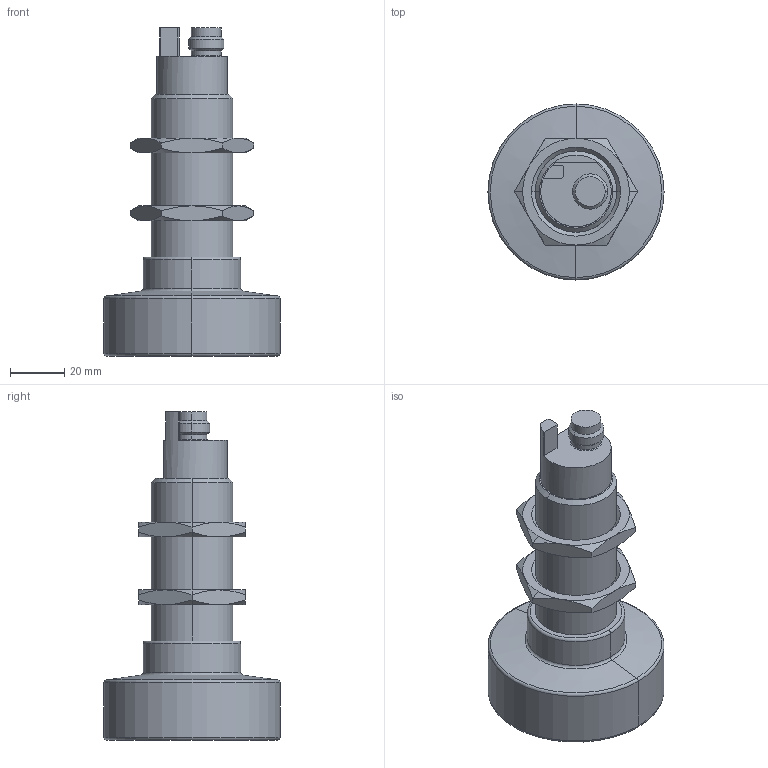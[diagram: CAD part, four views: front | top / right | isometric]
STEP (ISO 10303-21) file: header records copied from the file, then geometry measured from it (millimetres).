
FILE_DESCRIPTION((''),'2;1');
FILE_NAME('ASM0001_ASM','2011-11-30T',('dhelisch'),(''),'PRO/ENGINEER BY PARAMETRIC TECHNOLOGY CORPORATION, 2007250','PRO/ENGINEER BY PARAMETRIC TECHNOLOGY CORPORATION, 2007250','');
FILE_SCHEMA(('CONFIG_CONTROL_DESIGN'));
Length unit declared in the file: millimetre
Products named in the file (3): PRT0001; SECHSKANTMUTTER_4; ASM0001_ASM
Assembly tree (3 placements, depth 2):
  ASM0001_ASM
    PRT0001
    SECHSKANTMUTTER_4  x2
Bounding box: 65 x 65 x 121.2 mm (x, y, z)
Volume: 147341.3 mm3; surface area: 24263.6 mm2
Topology: 3 solids, 3 shells, 134 faces, 314 edges, 212 vertices
Faces by surface type: plane 53, cone 48, cylinder 23, torus 10
Entity records: 3823 total; most frequent: CARTESIAN_POINT 654, DIRECTION 544, ORIENTED_EDGE 458, EDGE_CURVE 229, AXIS2_PLACEMENT_3D 204, VERTEX_POINT 138, VECTOR 136, LINE 136

###

▸ Problem statement
Everything from the line containing "STEP (ISO 10303-21)" to the bottom of the listing is to be set down exactly; leave out all other lines.

▸ Output
STEP (ISO 10303-21) file: header records copied from the file, then geometry measured from it (millimetres).
FILE_DESCRIPTION((''),'2;1');
FILE_NAME('ASM0001_ASM','2011-11-30T',('dhelisch'),(''),'PRO/ENGINEER BY PARAMETRIC TECHNOLOGY CORPORATION, 2007250','PRO/ENGINEER BY PARAMETRIC TECHNOLOGY CORPORATION, 2007250','');
FILE_SCHEMA(('CONFIG_CONTROL_DESIGN'));
Length unit declared in the file: millimetre
Products named in the file (3): PRT0001; SECHSKANTMUTTER_4; ASM0001_ASM
Assembly tree (3 placements, depth 2):
  ASM0001_ASM
    PRT0001
    SECHSKANTMUTTER_4  x2
Bounding box: 65 x 65 x 121.2 mm (x, y, z)
Volume: 147341.3 mm3; surface area: 24263.6 mm2
Topology: 3 solids, 3 shells, 134 faces, 314 edges, 212 vertices
Faces by surface type: plane 53, cone 48, cylinder 23, torus 10
Entity records: 3823 total; most frequent: CARTESIAN_POINT 654, DIRECTION 544, ORIENTED_EDGE 458, EDGE_CURVE 229, AXIS2_PLACEMENT_3D 204, VERTEX_POINT 138, VECTOR 136, LINE 136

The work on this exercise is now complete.